Let x0 of type ι be given.
Let x1 of type (ι → ο) → ο be given.
Let x2 of type ι → ο be given.
Assume H0: ∀ x3 . x2 x3 ⟶ x3 ∈ x0.
Apply prop_ext_2 with
decode_c (encode_c x0 x1) x2,
x1 x2 leaving 2 subgoals.
Apply H1 with
x1 x2.
Let x3 of type ι be given.
Assume H2:
(λ x4 . and (∀ x5 . iff (x2 x5) (x5 ∈ x4)) (x4 ∈ encode_c x0 x1)) x3.
Apply H2 with
x1 x2.
Assume H3:
∀ x4 . iff (x2 x4) (x4 ∈ x3).
Claim L5: x1 (λ x4 . x4 ∈ x3)
Apply SepE2 with
prim4 x0,
λ x4 . x1 (λ x5 . x5 ∈ x4),
x3.
The subproof is completed by applying H4.

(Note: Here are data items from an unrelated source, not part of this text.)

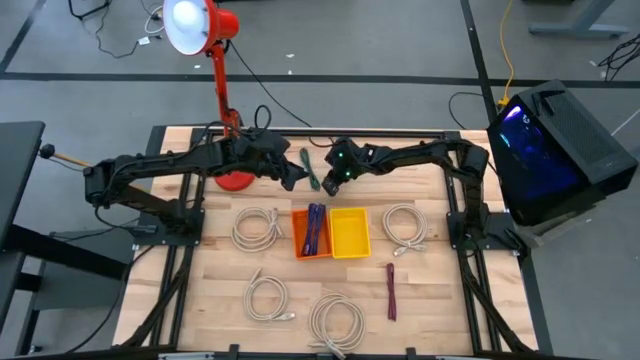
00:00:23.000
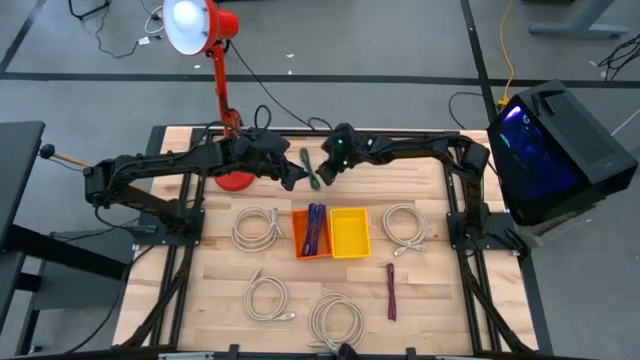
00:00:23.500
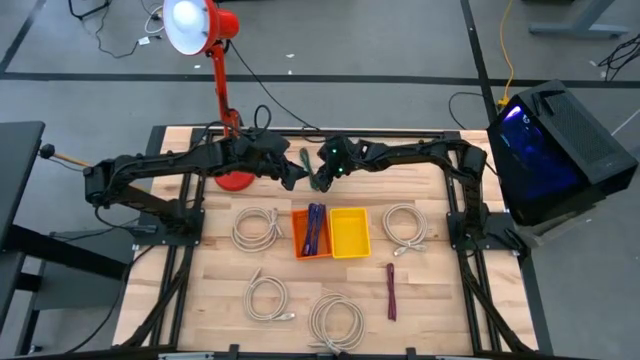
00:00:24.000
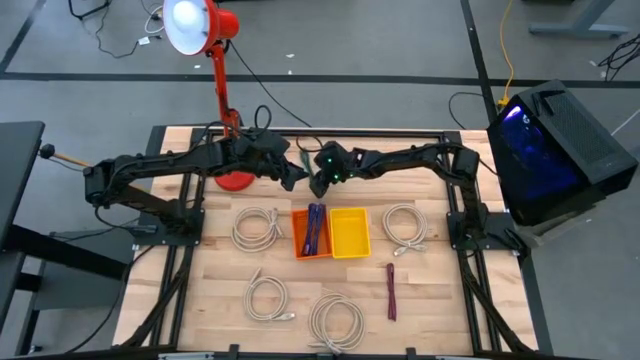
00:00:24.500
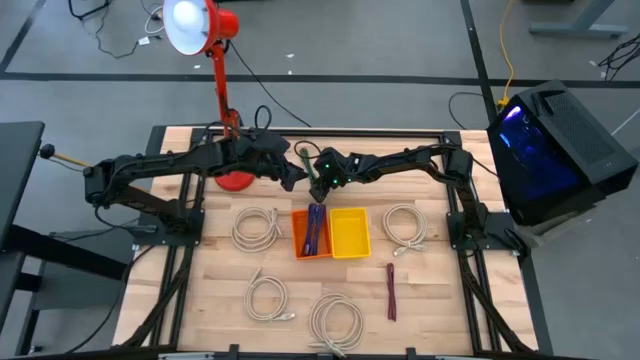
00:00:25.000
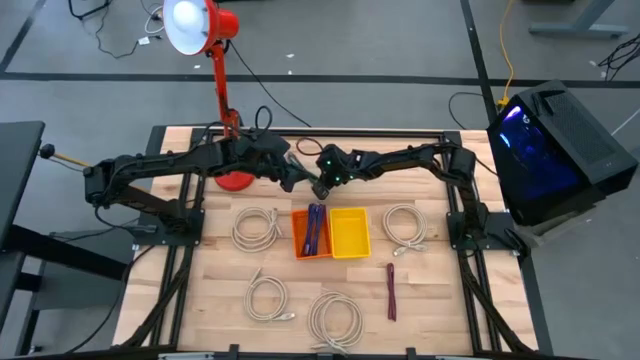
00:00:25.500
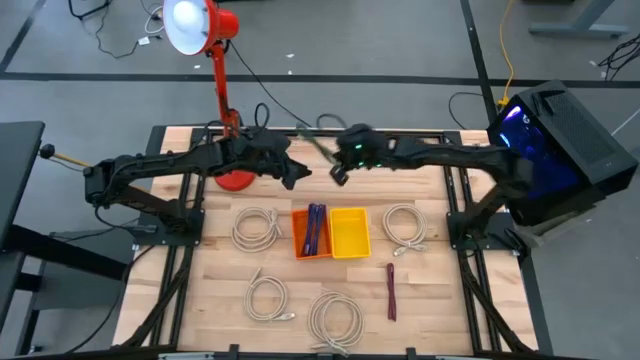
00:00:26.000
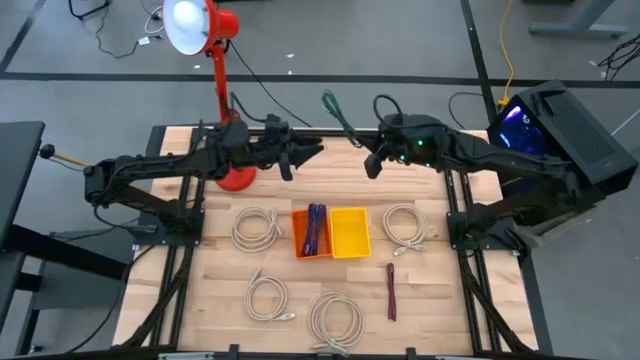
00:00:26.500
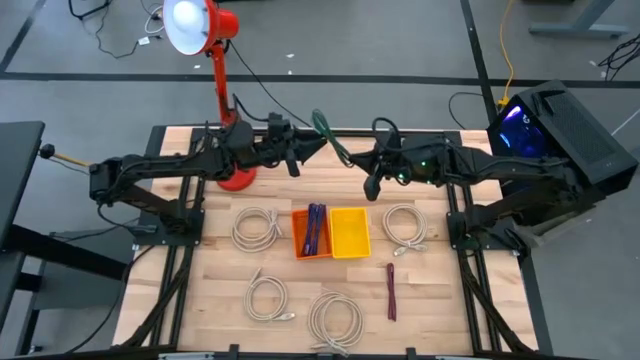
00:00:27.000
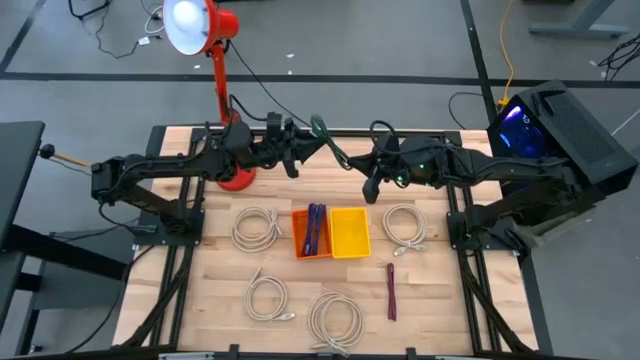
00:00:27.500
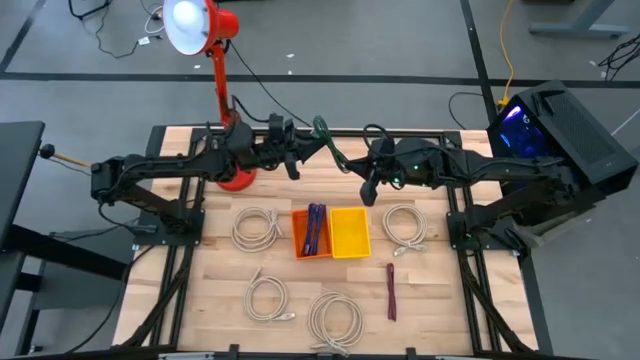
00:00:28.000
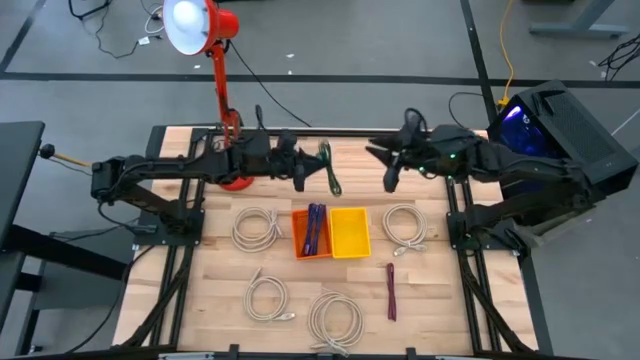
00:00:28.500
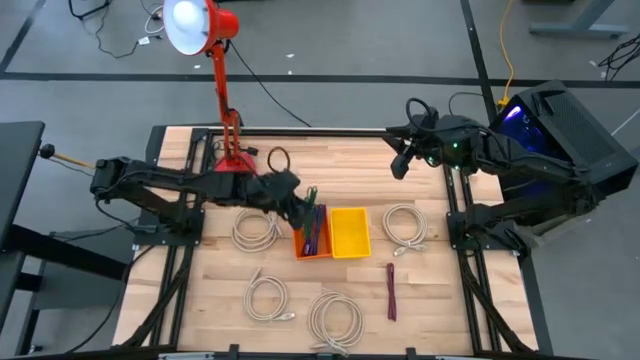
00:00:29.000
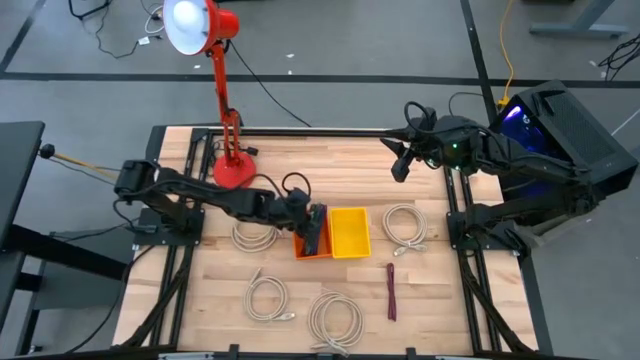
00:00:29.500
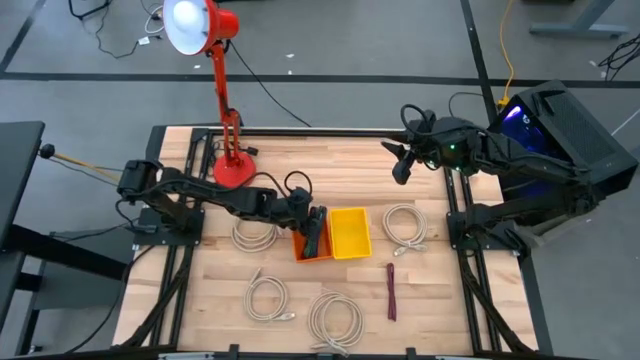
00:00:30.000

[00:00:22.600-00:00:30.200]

Claim L6: (λ x4 . x4 ∈ x3) = x2
Apply pred_ext_2 with
λ x4 . x4 ∈ x3,
x2 leaving 2 subgoals.
Let x4 of type ι be given.
Apply H3 with
x4,
(λ x5 . x5 ∈ x3) x4 ⟶ x2 x4.
Assume H6: x2 x4 ⟶ x4 ∈ x3.
Assume H7: x4 ∈ x3 ⟶ x2 x4.
The subproof is completed by applying H7.
Let x4 of type ι be given.
Apply H3 with
x4,
x2 x4 ⟶ (λ x5 . x5 ∈ x3) x4.
Assume H6: x2 x4 ⟶ x4 ∈ x3.
Assume H7: x4 ∈ x3 ⟶ x2 x4.
The subproof is completed by applying H6.
Apply L6 with
λ x4 x5 : ι → ο . x1 x4.
The subproof is completed by applying L5.
Assume H1: x1 x2.
Let x3 of type ο be given.
Assume H2:
∀ x4 . and (∀ x5 . iff (x2 x5) (x5 ∈ x4)) (x4 ∈ encode_c x0 x1) ⟶ x3.
Apply H2 with
Sep x0 x2.
Apply andI with
∀ x4 . iff (x2 x4) (x4 ∈ Sep x0 x2),
Sep x0 x2 ∈ encode_c x0 x1 leaving 2 subgoals.
Let x4 of type ι be given.
Apply iffI with
x2 x4,
x4 ∈ Sep x0 x2 leaving 2 subgoals.
Assume H3: x2 x4.
Apply SepI with
x0,
x2,
x4 leaving 2 subgoals.
Apply H0 with
x4.
The subproof is completed by applying H3.
The subproof is completed by applying H3.
Assume H3:
x4 ∈ Sep x0 x2.
Apply SepE2 with
x0,
x2,
x4.
The subproof is completed by applying H3.
Apply SepI with
prim4 x0,
λ x4 . x1 (λ x5 . x5 ∈ x4),
Sep x0 x2 leaving 2 subgoals.
The subproof is completed by applying Sep_In_Power with x0, x2.
Claim L3:
x2 = λ x4 . x4 ∈ Sep x0 x2
Apply pred_ext_2 with
x2,
λ x4 . x4 ∈ Sep x0 x2 leaving 2 subgoals.
Let x4 of type ι be given.
Assume H3: x2 x4.
Apply SepI with
x0,
x2,
x4 leaving 2 subgoals.
Apply H0 with
x4.
The subproof is completed by applying H3.
The subproof is completed by applying H3.
Let x4 of type ι be given.
Assume H3:
x4 ∈ Sep x0 x2.
Apply SepE2 with
x0,
x2,
x4.
The subproof is completed by applying H3.
Apply L3 with
λ x4 x5 : ι → ο . x1 x4.
The subproof is completed by applying H1.